On the other hand, NB-2 uses both Enhanced Cell ID (E-CID) and OTDOA. E-CID is an enhancement over basic Cell ID-based positioning, combining cell identity with additional radio measurements to improve accuracy. This improves the accuracy compared to the standard Cell ID of NB-1 to about 100-500 meters.

On the other hand, OTDOA is a network-based positioning technique that improves the positioning accuracy even further by calculating the position of a device. OTDOA measures the time differences between signals received from multiple nearby base stations, allowing accuracy in the range of 50-200 meters.

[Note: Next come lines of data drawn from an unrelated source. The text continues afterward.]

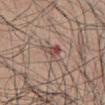workup: imaged on a skin check; not biopsied
location: the abdomen
image-analysis metrics: a lesion color around L≈50 a*≈19 b*≈23 in CIELAB, a lesion–skin lightness drop of about 10, and a lesion-to-skin contrast of about 7 (normalized; higher = more distinct); a border-irregularity index near 5/10, internal color variation of about 9 on a 0–10 scale, and radial color variation of about 4.5
subject: male, aged approximately 35
illumination: white-light illumination
lesion diameter: ~3 mm (longest diameter)
image source: ~15 mm crop, total-body skin-cancer survey
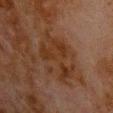Assessment: Part of a total-body skin-imaging series; this lesion was reviewed on a skin check and was not flagged for biopsy. Clinical summary: The lesion is located on the chest. Cropped from a total-body skin-imaging series; the visible field is about 15 mm. Longest diameter approximately 6 mm. Captured under cross-polarized illumination. The patient is a male aged 78 to 82.
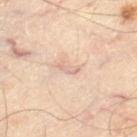workup = total-body-photography surveillance lesion; no biopsy
image = ~15 mm crop, total-body skin-cancer survey
subject = approximately 55 years of age
location = the left thigh
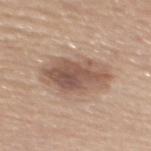Imaged during a routine full-body skin examination; the lesion was not biopsied and no histopathology is available.

Comparison of the positioning accuracy of LTE Cat NB-IoT NB-1 and NB-2 including Cell ID, E-CID, and OTDOA

The advantage of relying on Cell ID, E-CID and OTDA is that they can get good accuracy even indoors or in urban canyons where, GPS is not available or fails. They’re also much more power efficient for devices that cannot support power-hungry GNSS modules. One can supplement GPS by helping speed up acquisition, we expect some modules could use initial location data to speed up the search and reduce the Time-To-First-Fix (TTFF).

Latency and Efficiency

NB-2 introduces reduced latency thanks to:

  • Multi-tone transmissions in both uplink and downlink (NB-1 only supported uplink multi-tone).
  • Enhanced early data transmission (EDT) for quicker response times.
  • Higher scheduling flexibility, improving responsiveness.

These features make NB-2 better suited for use cases that need more frequent communication or faster turnaround, such as security sensors or logistics tracking.

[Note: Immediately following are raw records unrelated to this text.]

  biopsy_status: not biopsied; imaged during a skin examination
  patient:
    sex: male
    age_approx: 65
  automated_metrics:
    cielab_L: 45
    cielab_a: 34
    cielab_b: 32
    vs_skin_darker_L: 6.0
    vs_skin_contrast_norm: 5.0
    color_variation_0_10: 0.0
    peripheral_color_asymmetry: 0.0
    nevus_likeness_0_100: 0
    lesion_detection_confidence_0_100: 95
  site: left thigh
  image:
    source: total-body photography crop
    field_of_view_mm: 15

Device Complexity and Power Consumption

FeatureLTE Cat NB-1LTE Cat NB-2
Power EfficiencyUltra-lowMaintained
PSM/eDRX SupportYesYes, with enhancements

While NB-2 adds new capabilities, it retains the same ultra-low power focus of NB-1, thanks to Power Saving Mode (PSM) and Extended Discontinuous Reception (eDRX). NB-2 also optimizes these features, especially during mobility scenarios and long sleep cycles.

Feature Enhancements in NB-2

NB-2 adds several new features that extend the versatility of NB-IoT:

  • Positioning Enhancements: Support for OTDOA (Observed Time Difference of Arrival), enabling basic device geolocation.
  • Multicast: Efficient firmware updates to many devices at once.
  • Cellular Broadcast: Allows broadcasting messages to multiple NB-IoT devices.
  • Mobility Enhancements: Improved handover capabilities and idle mode mobility support.

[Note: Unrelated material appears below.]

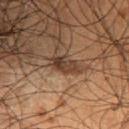Q: Is there a histopathology result?
A: catalogued during a skin exam; not biopsied
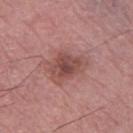The lesion was photographed on a routine skin check and not biopsied; there is no pathology result. The patient is a male aged 73–77. Cropped from a whole-body photographic skin survey; the tile spans about 15 mm. On the left thigh.

These additions broaden NB-IoT’s utility in scenarios like smart transportation or environmental monitoring where mobility and group messaging are valuable.

NB-IoT Application Comparison

Application TypeNB-1NB-2
Static sensors (e.g. water meters)
Smart lighting, alarms
Real-time asset tracking🚫
Video/image transmission🚫✅ (Limited)
Group firmware updates🚫
Basic geolocation🚫

You can see from the comparison that NB-1 is ideal for stationary, low-data use cases. NB-2 opens the door to more dynamic and data-heavy applications, extending NB-IoT’s potential in modern smart ecosystems.

Both NB-1 and NB-2 use existing LTE infrastructure and can coexist in-band, guard-band, or standalone.

NB-2 devices are backward compatible with NB-1 networks, but the reverse isn’t true.

Operator support for NB-2 is still emerging globally, as NB-1 remains more widely deployed as of 2025.

Conclusion: Choosing Between NB-1 and NB-2

  • Choose LTE Cat NB-1 if your application prioritizes ultra-low power, long battery life, and low complexity—such as smart meters, agriculture sensors, or waste management.
  • Choose LTE Cat NB-2 if you need higher throughput, multicast capabilities, or better positioning—it’s a lot more useful for asset tracking, over-the-air updates, and mobile IoT devices.

NB-2 is not a replacement but an evolution of NB-1, enabling more robust and diverse IoT solutions while maintaining backward compatibility and power efficiency. As network support matures, we can expect broader adoption of NB-2 for more demanding IoT applications.